EXERCISE DESCRIPTION:
Repeat the records below word for word and omit each image.

INFORMATION GIVEN:
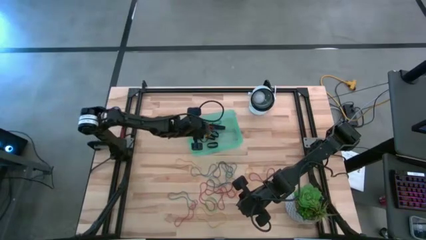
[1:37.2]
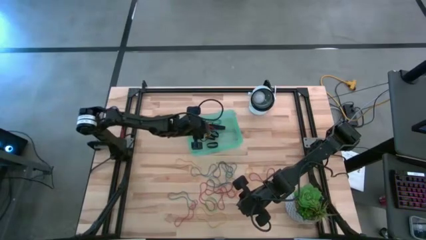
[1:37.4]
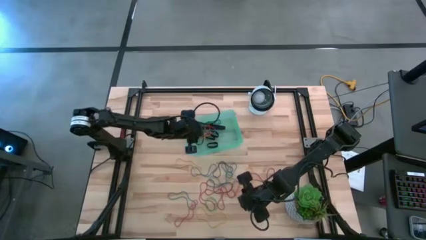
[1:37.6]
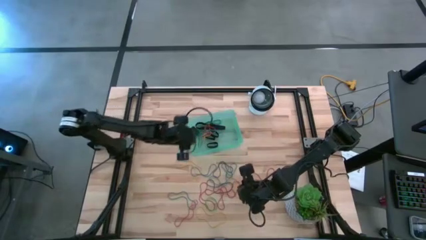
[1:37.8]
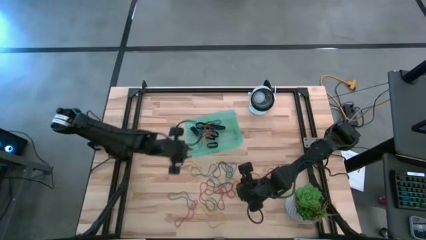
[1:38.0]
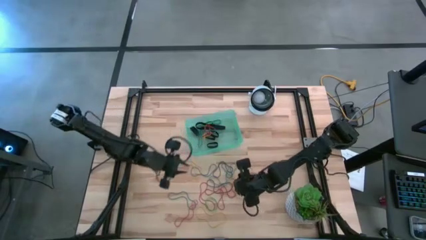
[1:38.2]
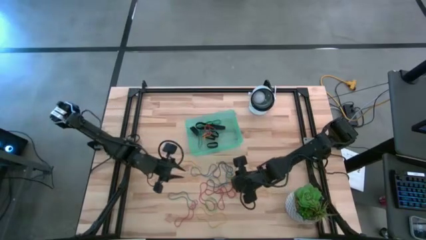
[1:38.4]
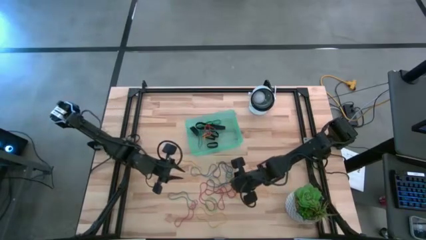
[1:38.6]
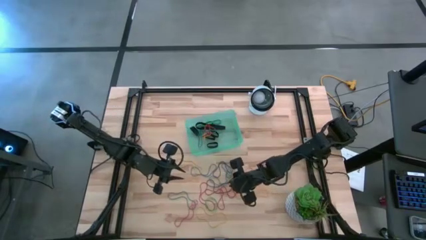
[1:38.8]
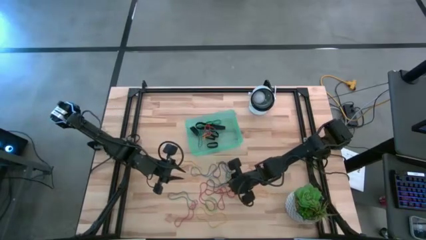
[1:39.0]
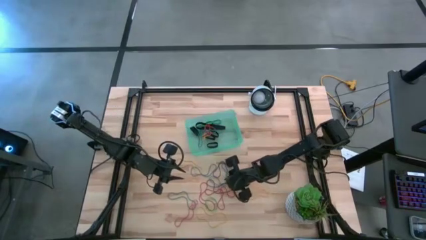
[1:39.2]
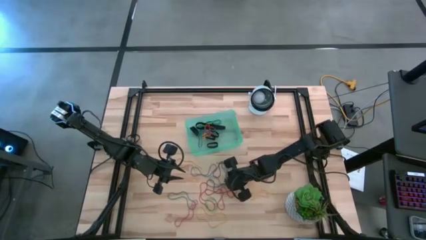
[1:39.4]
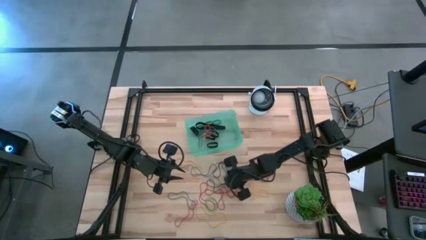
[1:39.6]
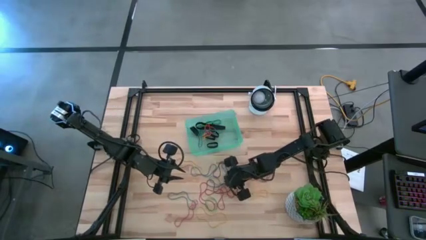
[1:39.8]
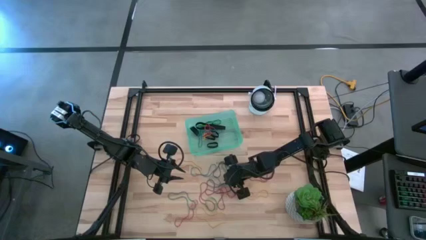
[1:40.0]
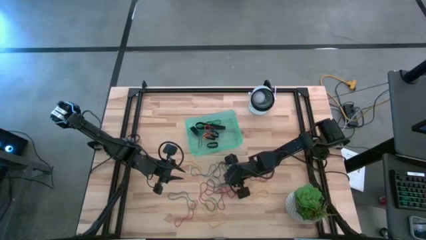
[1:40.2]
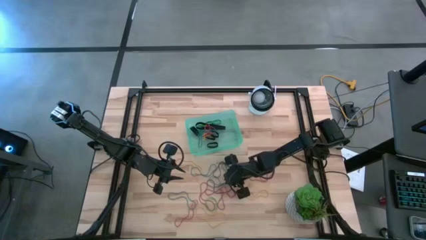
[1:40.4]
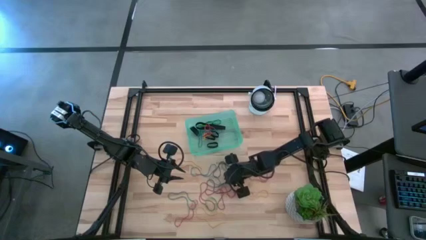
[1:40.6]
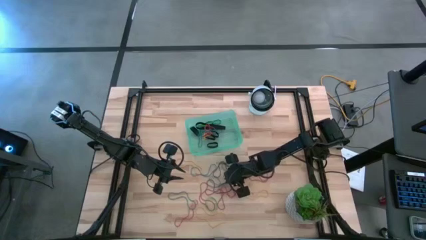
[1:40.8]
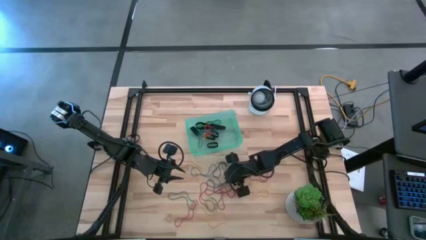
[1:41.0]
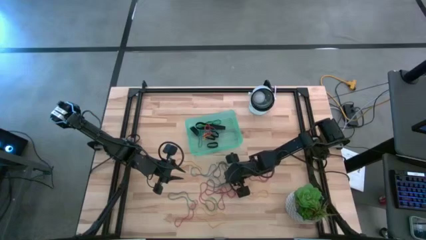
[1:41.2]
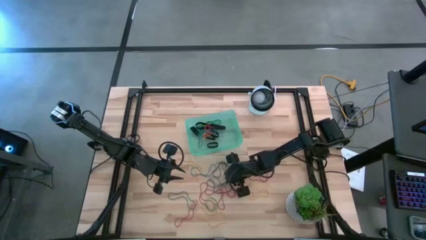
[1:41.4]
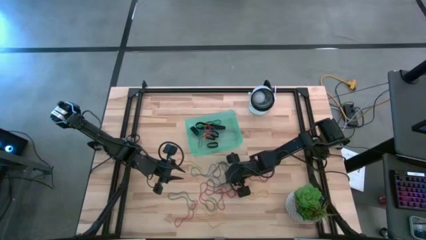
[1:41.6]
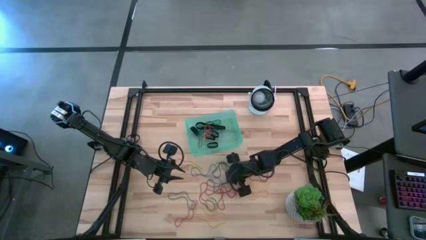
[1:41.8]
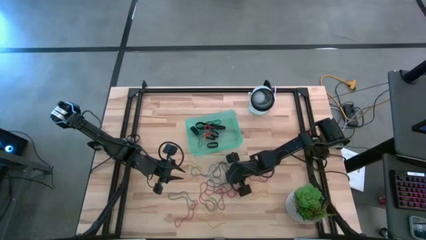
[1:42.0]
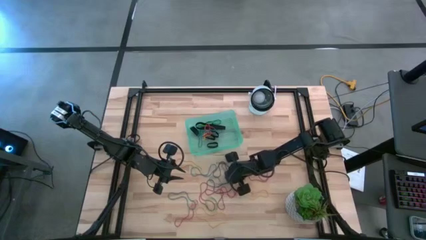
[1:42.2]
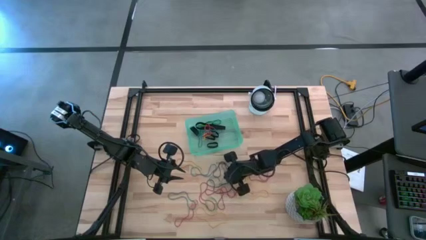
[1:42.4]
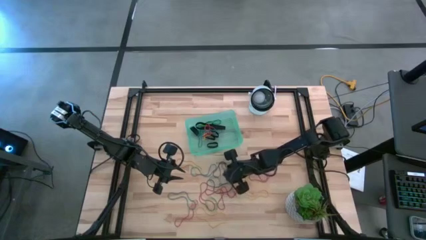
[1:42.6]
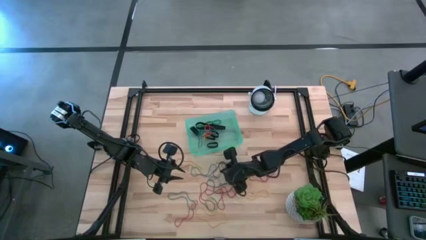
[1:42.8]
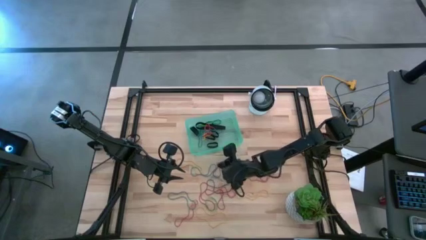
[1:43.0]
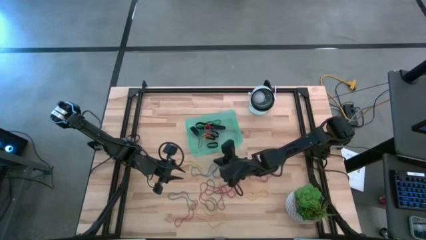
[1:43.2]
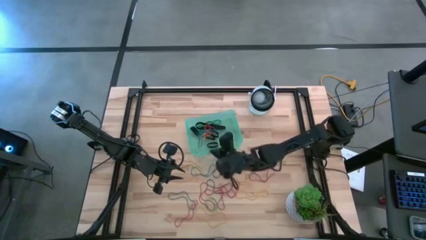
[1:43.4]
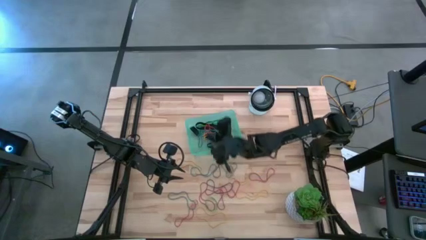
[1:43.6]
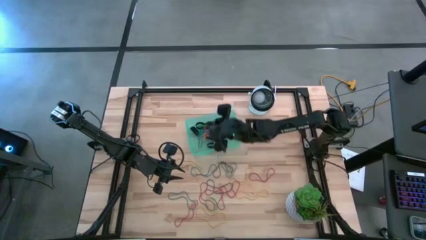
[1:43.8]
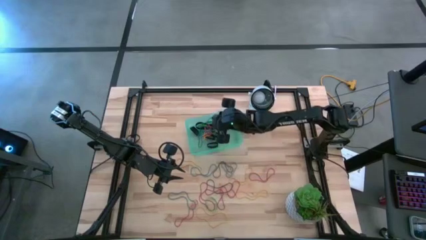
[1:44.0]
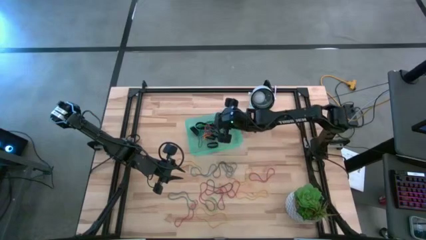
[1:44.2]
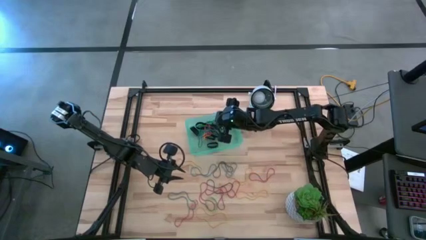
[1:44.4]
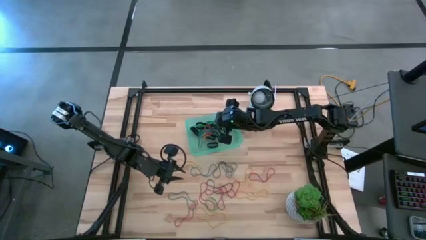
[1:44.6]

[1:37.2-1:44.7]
Task: Pick and place rubber bands into bin
Put the blue rubber band into the green bin

EXERCISE RESPONSE:
[1:37.2]
[1:37.4]
[1:37.6]
[1:37.8]
[1:38.0]
[1:38.2]
[1:38.4]
[1:38.6]
[1:38.8]
[1:39.0]
[1:39.2]
[1:39.4]
[1:39.6]
[1:39.8]
[1:40.0]
[1:40.2]
[1:40.4]
[1:40.6]
[1:40.8]
[1:41.0]
[1:41.2]
[1:41.4]
[1:41.6]
[1:41.8]
[1:42.0]
[1:42.2]
[1:42.4]
[1:42.6]
[1:42.8]
[1:43.0]
[1:43.2]
[1:43.4]
[1:43.6]
[1:43.8]
[1:44.0]
[1:44.2]
[1:44.4]
[1:44.6]

[1:37.2-1:44.7]
Task: Pick and place rubber bands into bin
Put the blue rubber band into the green bin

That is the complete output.